FIG. 26 are plots showing data collected as the mobile airborne platform turns;

FIG. 27 are plots showing data collected and processed with Doppler motion correction of the AWiPPR system and method disclosed herein;

FIG. 28 is an example showing observed contact Doppler velocities and altitudes together with radar beam pointing directions;

FIG. 29 is a plot depicting vector wind velocity at different altitudes measured by the AWiPPR system and method disclosed herein;

FIG. 30 are graphs depicting vector wind velocity at different altitudes measured by the AWiPPR system and method disclosed herein compared to radiosonde data;

FIG. 31 are plots depicting a comparison of measured and projected beam Doppler velocity data;

FIG. 32 is a depiction of a radar echo observed from a cloud formation;

FIG. 33 are plots of radar echoes from 12 consecutive radar files during a time period in which the cloud echoes of FIG. 32 were observed;

FIG. 34A is a graph showing vector wind velocity at different altitudes from balloon radiosonde data;

FIG. 34B is a graph showing equivalent potential temperatures at different altitudes;

FIG. 34C is a graph depicting Doppler velocity relative to radar at different altitudes above ground level;

FIG. 35 are plots depicting motion corrected radar measurements of cloud Doppler velocity compared to radiosonde measurements;

FIG. 36A is a plot depicting measured versus predicted ground echo Doppler velocity measurements compared to ground echo Doppler velocity measurements;

FIG. 36B is a similar plot of measured versus predicted with an air correction computed by least squares minimization;

FIG. 37A shows a mobile airborne platform flight path;

FIG. 37B depicts the velocity error surface for a 45° turn;

FIG. 37C depicts a system velocity error surface for a 90° turn;

FIG. 37D depicts cross-track, along-track, and up-down velocity errors for a range of a mobile airborne platform turn angles;

FIG. 38A is a graph depicting the effect of varying degrees of uncertainty in wind field knowledge on projectile drift;

FIG. 38B is a graph depicting the effect of varying degrees of uncertainly in wind field knowledge on projectile drop; and

FIG. 39 is a flow chart depicting one example of steps utilized by the AWiPPR system and method disclosed herein.

DETAILED DESCRIPTION OF THE INVENTION

Aside from the preferred embodiment or embodiments disclosed below, this invention is capable of other embodiments and of being practiced or being carried out in various ways. Thus, it is to be understood that the invention is not limited in its application to the details of construction and the arrangements of components set forth in the following description or illustrated in the drawings. If only one embodiment is described herein, the claims hereof are not to be limited to that embodiment. Moreover, the claims hereof are not to be read restrictively unless there is clear and convincing evidence manifesting a certain exclusion, restriction, or disclaimer.

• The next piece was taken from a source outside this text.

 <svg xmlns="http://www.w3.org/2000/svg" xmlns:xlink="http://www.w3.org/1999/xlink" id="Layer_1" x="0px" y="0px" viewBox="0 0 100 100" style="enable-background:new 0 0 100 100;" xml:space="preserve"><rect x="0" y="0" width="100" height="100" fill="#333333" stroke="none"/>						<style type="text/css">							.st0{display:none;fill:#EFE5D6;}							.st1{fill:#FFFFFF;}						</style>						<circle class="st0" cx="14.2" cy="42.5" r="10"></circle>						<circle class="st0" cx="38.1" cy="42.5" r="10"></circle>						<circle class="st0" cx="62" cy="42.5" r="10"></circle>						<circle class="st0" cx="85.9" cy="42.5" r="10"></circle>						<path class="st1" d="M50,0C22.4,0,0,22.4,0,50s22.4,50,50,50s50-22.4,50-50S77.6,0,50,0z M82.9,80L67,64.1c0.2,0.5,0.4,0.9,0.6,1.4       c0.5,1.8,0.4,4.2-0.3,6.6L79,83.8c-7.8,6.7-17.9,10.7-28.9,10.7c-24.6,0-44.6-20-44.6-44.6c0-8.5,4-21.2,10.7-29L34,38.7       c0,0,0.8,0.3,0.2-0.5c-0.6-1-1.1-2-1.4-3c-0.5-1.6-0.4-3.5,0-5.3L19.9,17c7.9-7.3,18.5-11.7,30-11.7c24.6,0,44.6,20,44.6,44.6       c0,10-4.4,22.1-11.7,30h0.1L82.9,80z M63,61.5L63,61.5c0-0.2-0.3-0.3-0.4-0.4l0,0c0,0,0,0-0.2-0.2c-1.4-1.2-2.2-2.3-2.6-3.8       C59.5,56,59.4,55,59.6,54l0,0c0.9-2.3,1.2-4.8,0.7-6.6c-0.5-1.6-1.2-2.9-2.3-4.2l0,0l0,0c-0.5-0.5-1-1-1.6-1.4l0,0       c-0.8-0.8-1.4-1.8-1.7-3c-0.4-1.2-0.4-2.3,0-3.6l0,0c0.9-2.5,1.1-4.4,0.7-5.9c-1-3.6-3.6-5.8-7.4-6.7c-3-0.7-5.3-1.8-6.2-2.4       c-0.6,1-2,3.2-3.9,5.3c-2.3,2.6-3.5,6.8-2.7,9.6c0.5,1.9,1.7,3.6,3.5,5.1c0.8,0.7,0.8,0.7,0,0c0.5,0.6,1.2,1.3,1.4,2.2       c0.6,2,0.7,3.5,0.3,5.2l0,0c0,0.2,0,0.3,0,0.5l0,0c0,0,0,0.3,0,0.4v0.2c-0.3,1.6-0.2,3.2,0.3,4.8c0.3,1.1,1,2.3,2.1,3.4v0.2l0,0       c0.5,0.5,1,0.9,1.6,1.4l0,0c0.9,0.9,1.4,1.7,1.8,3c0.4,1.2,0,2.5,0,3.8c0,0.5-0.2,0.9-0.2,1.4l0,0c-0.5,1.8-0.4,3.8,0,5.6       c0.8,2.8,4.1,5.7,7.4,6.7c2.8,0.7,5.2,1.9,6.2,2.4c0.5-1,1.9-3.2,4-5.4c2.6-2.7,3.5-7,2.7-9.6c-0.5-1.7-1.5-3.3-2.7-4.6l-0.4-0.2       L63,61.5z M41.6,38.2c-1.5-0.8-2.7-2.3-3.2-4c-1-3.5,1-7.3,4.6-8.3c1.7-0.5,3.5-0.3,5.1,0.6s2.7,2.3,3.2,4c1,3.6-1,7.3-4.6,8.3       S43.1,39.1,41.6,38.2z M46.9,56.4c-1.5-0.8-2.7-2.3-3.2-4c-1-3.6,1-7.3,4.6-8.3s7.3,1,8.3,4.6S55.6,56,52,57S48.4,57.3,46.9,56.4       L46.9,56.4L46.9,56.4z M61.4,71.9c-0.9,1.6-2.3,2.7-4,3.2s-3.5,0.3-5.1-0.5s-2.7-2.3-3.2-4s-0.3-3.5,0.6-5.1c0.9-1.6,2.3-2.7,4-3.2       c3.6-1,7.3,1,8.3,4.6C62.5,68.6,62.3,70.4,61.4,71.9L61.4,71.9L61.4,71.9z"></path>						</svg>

There are several problems associated with conventional wind profiling systems. First, mounting a ground based radar to a moving platform that is operating at velocities much greater than the wind speed requires new data processing as disclosed herein since the targets now smear in velocity space, and the velocity of the aircraft may often be greater than the unambiguous velocity of the radar.

Second, pointing the radar at the ground means that the background is no longer at 30° K., but is rather closer to 300° K., which means that the background noise floor is much higher. This reduces the signal to noise ratio (SNR) of the targets even if the platform is not moving.

Third, when pointing in a downward direction, the radar now has a large target in the ground bounce that can swamp the dynamic range preventing small targets from being visible. Higher incidence angles now reduce the required dynamic range of the system and allows the system to resolve both the return from the ground and that from the small CAS targets.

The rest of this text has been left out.